------ INPUT DATA

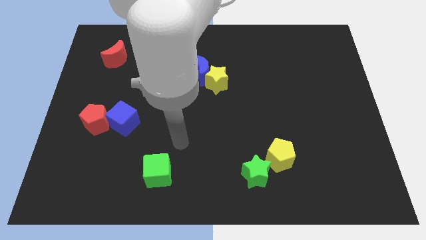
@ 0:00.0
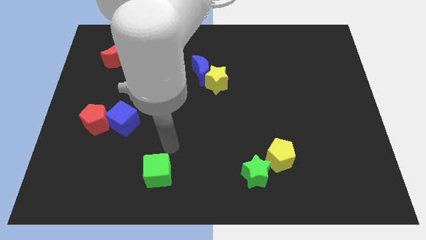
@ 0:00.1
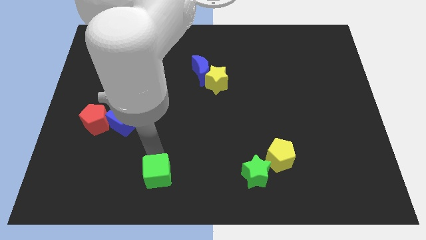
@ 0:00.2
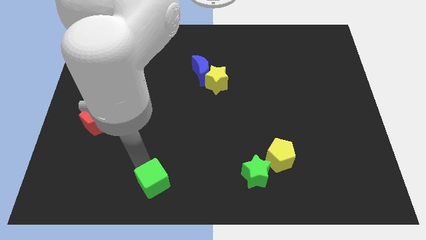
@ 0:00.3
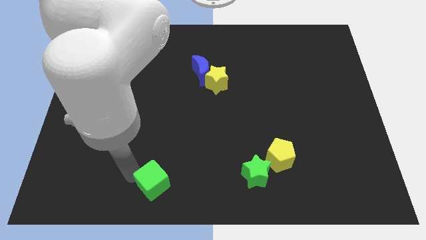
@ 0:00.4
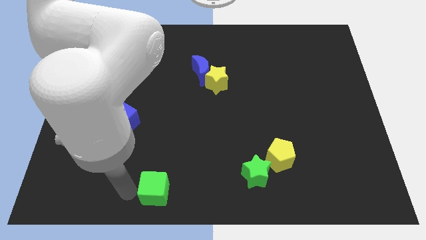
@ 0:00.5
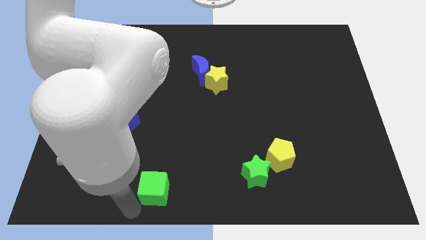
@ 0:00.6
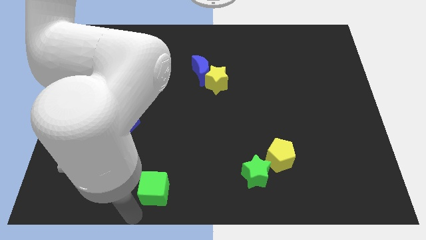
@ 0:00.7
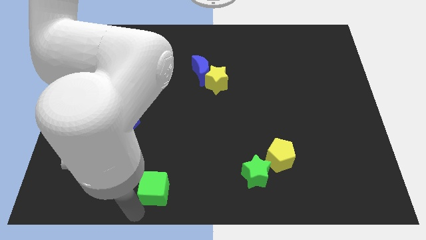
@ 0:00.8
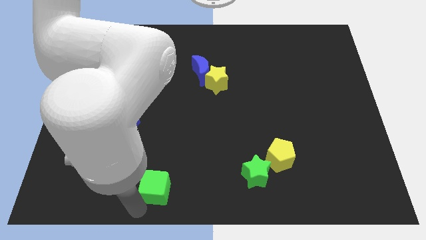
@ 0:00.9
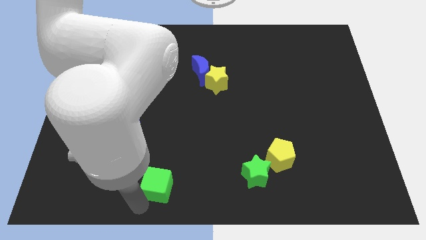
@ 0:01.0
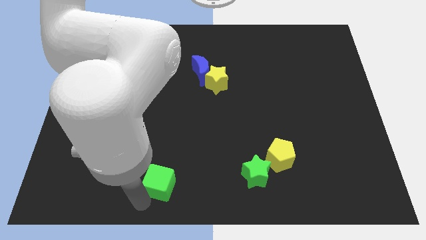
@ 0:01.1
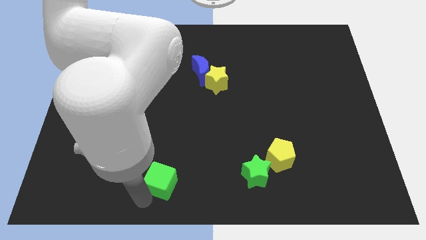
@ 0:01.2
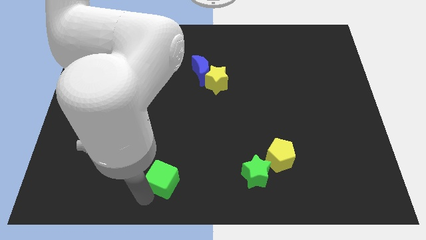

------------

REQUIRED WORK - Retype the whole listing, keeping every line identical and omitting all pictures.

ANSWER SPACE -
@ 0:00.0
@ 0:00.1
@ 0:00.2
@ 0:00.3
@ 0:00.4
@ 0:00.5
@ 0:00.6
@ 0:00.7
@ 0:00.8
@ 0:00.9
@ 0:01.0
@ 0:01.1
@ 0:01.2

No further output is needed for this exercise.